Esta noche estuve reflexionando, haciéndome uno de esos análisis psicoanalíticos que suelo hacerme, esos momentos de diálogo interno en los que intento comprender mis propios conflictos y los duelos que llevo dentro. Mientras avanzaba en este proceso, recordé algo que aprendí en mis clases de Gestalt: el concepto del darse cuenta.
Y fue ahí, al profundizar en esta idea, que me di cuenta de cómo el superego puede ser tan rígido y crítico con nosotros. Desde la infancia, solemos internalizar normas morales muy estrictas que, al llegar a la adultez, nos generan un miedo constante a ser juzgados como malas personas.
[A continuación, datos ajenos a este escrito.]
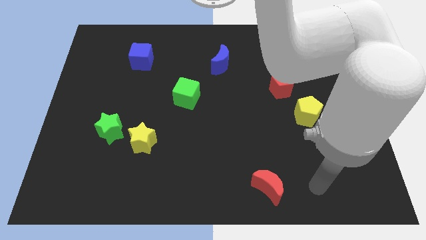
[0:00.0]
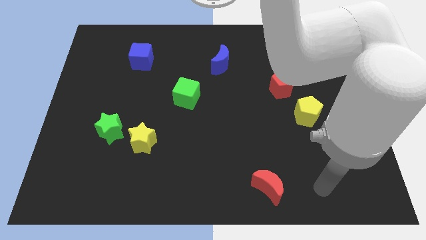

A esto se suma que, a menudo, nos cruzamos con personas que proyectan en nosotros sus propios conflictos, lo que puede activar esos temores internos y llevarnos a demostrar, casi de manera compulsiva, que no somos malos.
Este esfuerzo por probar nuestra bondad puede transformarse en un comportamiento extremo, donde buscamos ser tan complacientes que terminamos siendo utilizados por otros. Nos cuesta decir “no”, poner límites, y esto nos encierra en un ciclo de miedo al juicio y culpa. Las personas con baja autoestima o con una gran necesidad de aprobación suelen aceptar responsabilidades que no les corresponden, lo que las hace vulnerables a críticas, ya ser blanco fácil de personas crueles que, irónicamente, se consideran buenas o moralmente superiores.
Desde un enfoque psicológico, este patrón puede entenderse como un mecanismo de defensa llamado formación reactiva. Es decir, transformamos impulsos inaceptables en su opuesto: por ejemplo, alguien que reprime mucha rabia podría mostrarse excesivamente amable y servicial. También podría tratarse de una compensación por culpa inconsciente, una forma de intentar “expiar” algo que hemos hecho o incluso pensado, mediante actos de bondad exagerada.
El problema es que este tipo de comportamiento tiene consecuencias importantes. Nos cuesta construir relaciones auténticas porque la constante preocupación por nuestra imagen nos aleja de la espontaneidad y de la vulnerabilidad, lo que dificulta conectar genuinamente con los demás. Además, mantener una fachada de bondad constante es emocionalmente agotador y puede generar resentimiento, frustración y ansiedad.
También afecta nuestro autoconocimiento, ya que negar nuestras verdaderas emociones y necesidades nos desconecta de nosotros mismos, impidiéndonos aceptar quiénes somos realmente.
Todo esto me lleva a reflexionar sobre cómo el intento desesperado de agradar a los demás o de evitar ser juzgado puede alejarnos de nuestra autenticidad. Encontrar un equilibrio entre ser bondadoso y ser fiel a uno mismo es, sin duda, un desafío, pero es un paso esencial para vivir de forma más plena y sincera.